(Stored entries)
[Start of section]
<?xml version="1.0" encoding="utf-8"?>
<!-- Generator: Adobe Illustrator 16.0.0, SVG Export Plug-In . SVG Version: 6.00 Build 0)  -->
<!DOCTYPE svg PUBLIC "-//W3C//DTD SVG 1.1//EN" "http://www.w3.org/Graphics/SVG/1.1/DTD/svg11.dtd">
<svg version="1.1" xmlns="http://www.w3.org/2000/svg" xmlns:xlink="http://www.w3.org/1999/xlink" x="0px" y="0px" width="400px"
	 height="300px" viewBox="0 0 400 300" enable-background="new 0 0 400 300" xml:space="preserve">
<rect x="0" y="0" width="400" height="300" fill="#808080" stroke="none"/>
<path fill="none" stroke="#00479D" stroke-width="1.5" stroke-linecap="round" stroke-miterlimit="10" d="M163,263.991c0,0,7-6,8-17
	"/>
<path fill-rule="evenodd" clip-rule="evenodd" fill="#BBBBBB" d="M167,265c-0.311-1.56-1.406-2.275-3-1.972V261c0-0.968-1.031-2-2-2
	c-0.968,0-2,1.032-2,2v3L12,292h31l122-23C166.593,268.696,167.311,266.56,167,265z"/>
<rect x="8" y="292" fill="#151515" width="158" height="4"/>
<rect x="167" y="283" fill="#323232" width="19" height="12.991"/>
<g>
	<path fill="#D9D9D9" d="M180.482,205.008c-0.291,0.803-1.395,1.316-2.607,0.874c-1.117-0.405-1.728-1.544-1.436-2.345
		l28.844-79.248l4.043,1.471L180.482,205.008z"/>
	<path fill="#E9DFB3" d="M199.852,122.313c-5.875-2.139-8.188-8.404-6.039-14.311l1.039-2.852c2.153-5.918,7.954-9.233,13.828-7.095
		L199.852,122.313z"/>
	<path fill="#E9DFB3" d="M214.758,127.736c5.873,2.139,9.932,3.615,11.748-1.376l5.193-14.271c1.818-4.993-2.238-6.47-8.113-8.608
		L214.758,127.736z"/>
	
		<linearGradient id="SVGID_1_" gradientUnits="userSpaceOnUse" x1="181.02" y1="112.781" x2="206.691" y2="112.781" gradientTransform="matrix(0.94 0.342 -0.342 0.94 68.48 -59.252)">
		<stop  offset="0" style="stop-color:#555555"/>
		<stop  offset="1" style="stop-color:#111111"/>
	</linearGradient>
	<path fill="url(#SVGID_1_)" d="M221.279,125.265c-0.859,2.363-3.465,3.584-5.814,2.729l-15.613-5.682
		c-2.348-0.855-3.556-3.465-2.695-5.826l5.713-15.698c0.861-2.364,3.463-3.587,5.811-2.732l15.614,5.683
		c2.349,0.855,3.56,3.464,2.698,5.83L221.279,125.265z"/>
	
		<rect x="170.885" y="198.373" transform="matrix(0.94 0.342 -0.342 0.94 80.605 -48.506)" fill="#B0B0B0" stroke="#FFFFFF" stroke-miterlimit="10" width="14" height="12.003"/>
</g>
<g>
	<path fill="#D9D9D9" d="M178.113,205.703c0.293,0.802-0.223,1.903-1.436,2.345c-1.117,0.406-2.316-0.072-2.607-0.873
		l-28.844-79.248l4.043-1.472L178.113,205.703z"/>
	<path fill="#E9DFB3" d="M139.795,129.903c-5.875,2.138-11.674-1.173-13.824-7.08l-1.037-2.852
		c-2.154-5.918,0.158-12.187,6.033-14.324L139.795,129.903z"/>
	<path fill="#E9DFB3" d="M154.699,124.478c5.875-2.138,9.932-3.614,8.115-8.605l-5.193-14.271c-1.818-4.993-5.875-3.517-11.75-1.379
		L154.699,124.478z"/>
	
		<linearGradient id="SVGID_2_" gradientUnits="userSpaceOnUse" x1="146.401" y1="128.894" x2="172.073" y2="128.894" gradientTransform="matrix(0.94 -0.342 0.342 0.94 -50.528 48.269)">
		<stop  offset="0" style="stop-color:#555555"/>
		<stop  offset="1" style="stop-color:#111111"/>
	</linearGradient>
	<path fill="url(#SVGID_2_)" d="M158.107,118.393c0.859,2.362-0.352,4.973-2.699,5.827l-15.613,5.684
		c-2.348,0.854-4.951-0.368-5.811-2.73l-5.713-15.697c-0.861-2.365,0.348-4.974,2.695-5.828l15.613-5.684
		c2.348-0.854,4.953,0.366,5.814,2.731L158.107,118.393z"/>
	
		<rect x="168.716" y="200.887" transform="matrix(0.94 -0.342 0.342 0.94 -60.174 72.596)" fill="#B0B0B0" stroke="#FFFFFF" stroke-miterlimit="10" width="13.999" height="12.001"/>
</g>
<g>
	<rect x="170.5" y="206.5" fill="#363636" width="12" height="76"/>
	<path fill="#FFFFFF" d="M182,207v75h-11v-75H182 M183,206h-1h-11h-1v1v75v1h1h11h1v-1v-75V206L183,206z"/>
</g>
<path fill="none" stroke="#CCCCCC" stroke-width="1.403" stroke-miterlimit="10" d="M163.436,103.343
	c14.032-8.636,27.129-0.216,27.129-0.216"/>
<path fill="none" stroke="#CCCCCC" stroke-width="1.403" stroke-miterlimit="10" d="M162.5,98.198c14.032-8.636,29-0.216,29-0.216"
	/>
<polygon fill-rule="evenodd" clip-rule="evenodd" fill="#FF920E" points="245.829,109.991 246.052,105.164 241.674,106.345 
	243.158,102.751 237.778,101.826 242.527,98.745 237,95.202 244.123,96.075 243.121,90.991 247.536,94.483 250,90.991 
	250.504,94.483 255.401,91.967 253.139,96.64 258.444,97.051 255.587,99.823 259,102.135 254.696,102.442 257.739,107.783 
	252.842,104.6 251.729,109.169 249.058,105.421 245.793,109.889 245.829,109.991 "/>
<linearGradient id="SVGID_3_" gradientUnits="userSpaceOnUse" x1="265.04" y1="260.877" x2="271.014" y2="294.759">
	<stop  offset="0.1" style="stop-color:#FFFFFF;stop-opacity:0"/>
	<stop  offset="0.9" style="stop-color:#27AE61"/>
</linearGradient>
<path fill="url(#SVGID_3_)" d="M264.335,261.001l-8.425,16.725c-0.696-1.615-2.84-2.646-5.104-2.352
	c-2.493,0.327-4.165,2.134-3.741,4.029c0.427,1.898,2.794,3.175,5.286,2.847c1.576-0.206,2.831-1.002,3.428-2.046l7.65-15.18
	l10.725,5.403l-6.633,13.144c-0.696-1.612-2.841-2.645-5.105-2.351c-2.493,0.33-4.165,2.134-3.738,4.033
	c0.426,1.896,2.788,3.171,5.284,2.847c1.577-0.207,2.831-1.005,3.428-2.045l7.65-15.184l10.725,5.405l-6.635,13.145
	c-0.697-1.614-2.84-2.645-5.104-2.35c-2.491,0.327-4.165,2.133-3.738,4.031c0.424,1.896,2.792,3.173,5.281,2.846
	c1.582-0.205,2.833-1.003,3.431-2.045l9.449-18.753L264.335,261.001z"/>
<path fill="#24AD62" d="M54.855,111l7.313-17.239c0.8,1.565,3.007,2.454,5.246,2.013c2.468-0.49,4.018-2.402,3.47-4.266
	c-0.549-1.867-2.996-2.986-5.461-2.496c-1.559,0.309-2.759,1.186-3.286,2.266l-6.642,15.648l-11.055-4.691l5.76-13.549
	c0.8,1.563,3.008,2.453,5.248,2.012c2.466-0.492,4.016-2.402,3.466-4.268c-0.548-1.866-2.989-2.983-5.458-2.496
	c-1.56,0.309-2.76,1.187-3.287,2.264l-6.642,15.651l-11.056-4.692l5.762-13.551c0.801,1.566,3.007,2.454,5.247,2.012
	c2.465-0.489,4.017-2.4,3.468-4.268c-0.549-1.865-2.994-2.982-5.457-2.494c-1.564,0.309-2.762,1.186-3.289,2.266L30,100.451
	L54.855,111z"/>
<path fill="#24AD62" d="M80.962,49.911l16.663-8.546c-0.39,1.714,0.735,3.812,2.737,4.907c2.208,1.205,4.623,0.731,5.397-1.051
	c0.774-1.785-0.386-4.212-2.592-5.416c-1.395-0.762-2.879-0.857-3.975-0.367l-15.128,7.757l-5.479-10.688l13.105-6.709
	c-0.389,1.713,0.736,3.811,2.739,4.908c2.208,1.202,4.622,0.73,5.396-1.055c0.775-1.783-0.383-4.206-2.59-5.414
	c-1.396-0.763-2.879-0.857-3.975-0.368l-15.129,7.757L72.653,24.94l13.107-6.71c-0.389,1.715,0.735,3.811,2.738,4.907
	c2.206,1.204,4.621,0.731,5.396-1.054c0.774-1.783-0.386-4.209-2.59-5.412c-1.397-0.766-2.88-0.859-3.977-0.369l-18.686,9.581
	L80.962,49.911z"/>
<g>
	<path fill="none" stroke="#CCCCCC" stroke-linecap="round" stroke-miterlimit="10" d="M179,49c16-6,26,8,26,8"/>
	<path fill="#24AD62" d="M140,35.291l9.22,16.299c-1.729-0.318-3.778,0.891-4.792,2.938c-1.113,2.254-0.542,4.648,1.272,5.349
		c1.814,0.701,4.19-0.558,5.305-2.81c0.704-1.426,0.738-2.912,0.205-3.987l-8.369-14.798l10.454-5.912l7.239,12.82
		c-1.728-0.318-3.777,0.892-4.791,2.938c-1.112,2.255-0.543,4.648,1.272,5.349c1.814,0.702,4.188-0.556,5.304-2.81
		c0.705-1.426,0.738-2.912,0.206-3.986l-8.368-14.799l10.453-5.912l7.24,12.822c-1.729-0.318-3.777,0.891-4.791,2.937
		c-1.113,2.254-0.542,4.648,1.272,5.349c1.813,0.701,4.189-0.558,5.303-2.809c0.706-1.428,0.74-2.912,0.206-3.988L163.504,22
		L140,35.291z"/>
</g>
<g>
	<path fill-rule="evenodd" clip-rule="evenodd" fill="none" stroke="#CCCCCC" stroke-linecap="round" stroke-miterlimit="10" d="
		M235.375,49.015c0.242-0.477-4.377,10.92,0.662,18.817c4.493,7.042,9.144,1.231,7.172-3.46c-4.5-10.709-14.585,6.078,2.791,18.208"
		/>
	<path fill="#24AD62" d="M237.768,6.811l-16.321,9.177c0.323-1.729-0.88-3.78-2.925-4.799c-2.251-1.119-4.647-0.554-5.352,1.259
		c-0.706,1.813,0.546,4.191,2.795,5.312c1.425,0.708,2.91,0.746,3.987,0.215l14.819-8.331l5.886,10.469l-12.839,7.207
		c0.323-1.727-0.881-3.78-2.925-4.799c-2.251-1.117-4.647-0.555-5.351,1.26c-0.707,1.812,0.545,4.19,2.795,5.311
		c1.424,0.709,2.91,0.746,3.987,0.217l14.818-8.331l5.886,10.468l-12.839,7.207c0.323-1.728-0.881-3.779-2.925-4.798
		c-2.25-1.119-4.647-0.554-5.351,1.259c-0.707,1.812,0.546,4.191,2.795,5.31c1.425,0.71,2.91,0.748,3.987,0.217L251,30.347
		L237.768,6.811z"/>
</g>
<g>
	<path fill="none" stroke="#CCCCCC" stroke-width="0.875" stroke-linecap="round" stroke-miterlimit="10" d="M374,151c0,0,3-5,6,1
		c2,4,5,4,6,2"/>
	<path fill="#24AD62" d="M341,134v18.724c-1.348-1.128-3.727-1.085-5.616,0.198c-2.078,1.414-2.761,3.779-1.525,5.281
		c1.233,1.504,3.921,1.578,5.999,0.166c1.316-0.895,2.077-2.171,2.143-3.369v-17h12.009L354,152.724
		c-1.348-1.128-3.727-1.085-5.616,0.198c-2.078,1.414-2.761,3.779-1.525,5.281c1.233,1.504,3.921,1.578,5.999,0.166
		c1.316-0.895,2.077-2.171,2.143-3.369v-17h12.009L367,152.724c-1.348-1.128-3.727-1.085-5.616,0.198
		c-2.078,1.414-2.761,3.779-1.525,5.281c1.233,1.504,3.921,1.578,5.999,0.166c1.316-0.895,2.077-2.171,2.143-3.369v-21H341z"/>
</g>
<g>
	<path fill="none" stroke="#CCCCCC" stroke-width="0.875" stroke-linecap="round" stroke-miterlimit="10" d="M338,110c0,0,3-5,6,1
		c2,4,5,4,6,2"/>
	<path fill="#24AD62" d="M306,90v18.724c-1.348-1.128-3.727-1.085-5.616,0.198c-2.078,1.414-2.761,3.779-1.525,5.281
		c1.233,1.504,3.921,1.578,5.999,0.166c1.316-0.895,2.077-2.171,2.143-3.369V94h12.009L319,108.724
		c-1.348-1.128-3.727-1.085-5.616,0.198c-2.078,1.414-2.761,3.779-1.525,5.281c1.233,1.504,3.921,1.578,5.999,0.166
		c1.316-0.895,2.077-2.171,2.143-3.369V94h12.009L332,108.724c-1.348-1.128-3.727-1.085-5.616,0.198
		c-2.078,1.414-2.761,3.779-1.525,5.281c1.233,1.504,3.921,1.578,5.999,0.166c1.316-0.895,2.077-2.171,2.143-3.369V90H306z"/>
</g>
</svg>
[End of section]
Look through the records and count each line that holds "http". Write only the total.

2